# Work instruction:
Each line of the records below needs repeating exactly. Skip the pictures.

(Dataset items)
>>>>

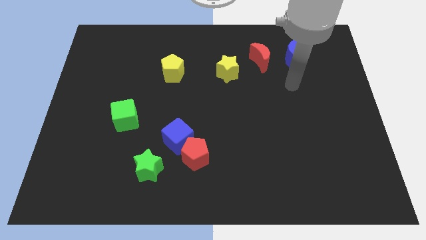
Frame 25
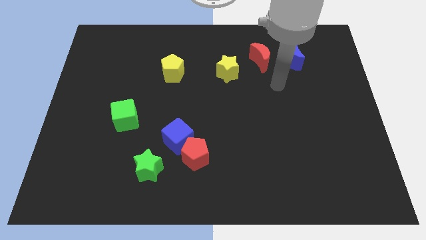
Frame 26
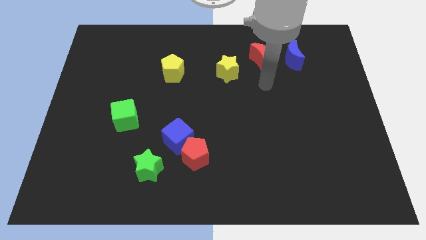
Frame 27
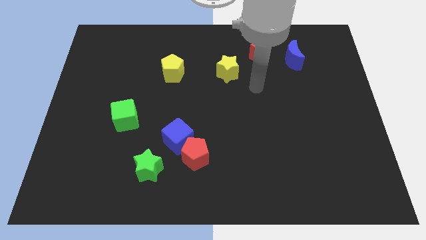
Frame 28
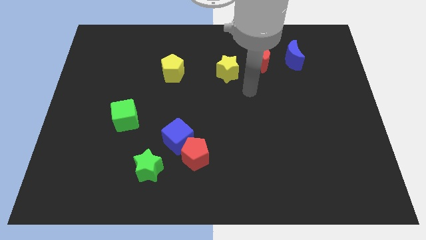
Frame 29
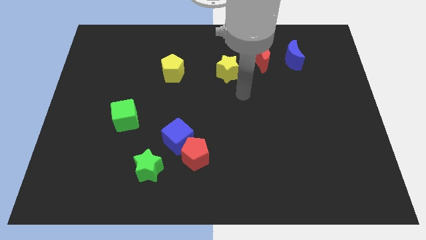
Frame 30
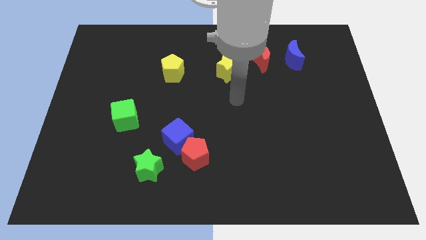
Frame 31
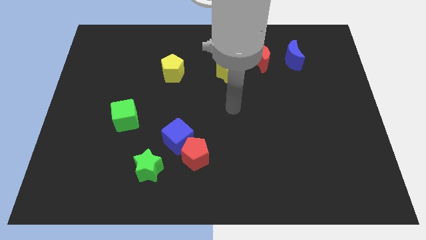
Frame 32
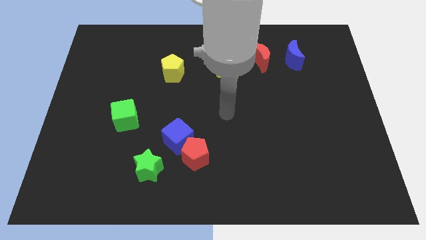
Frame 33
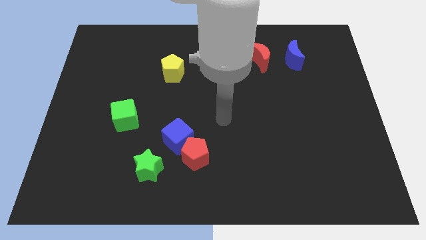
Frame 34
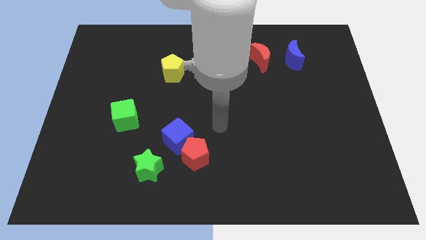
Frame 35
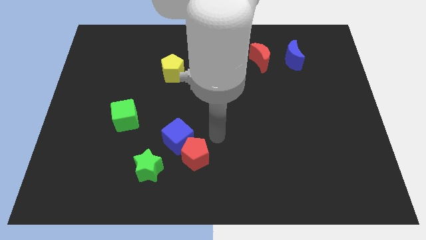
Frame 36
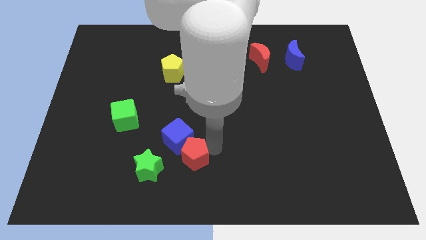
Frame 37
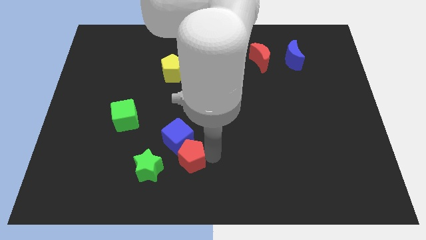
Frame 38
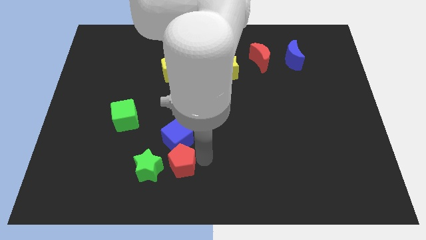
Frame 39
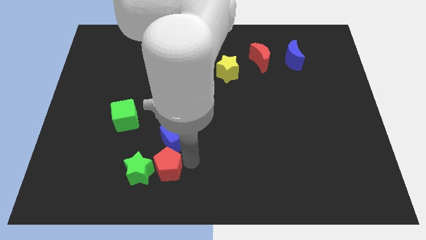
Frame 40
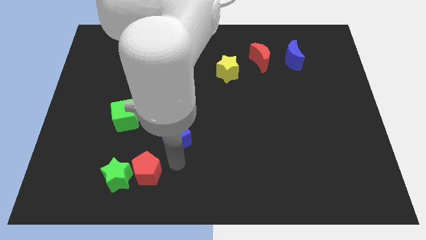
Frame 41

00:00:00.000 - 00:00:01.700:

<<<<

# Answer box:
Frame 25
Frame 26
Frame 27
Frame 28
Frame 29
Frame 30
Frame 31
Frame 32
Frame 33
Frame 34
Frame 35
Frame 36
Frame 37
Frame 38
Frame 39
Frame 40
Frame 41

00:00:00.000 - 00:00:01.700:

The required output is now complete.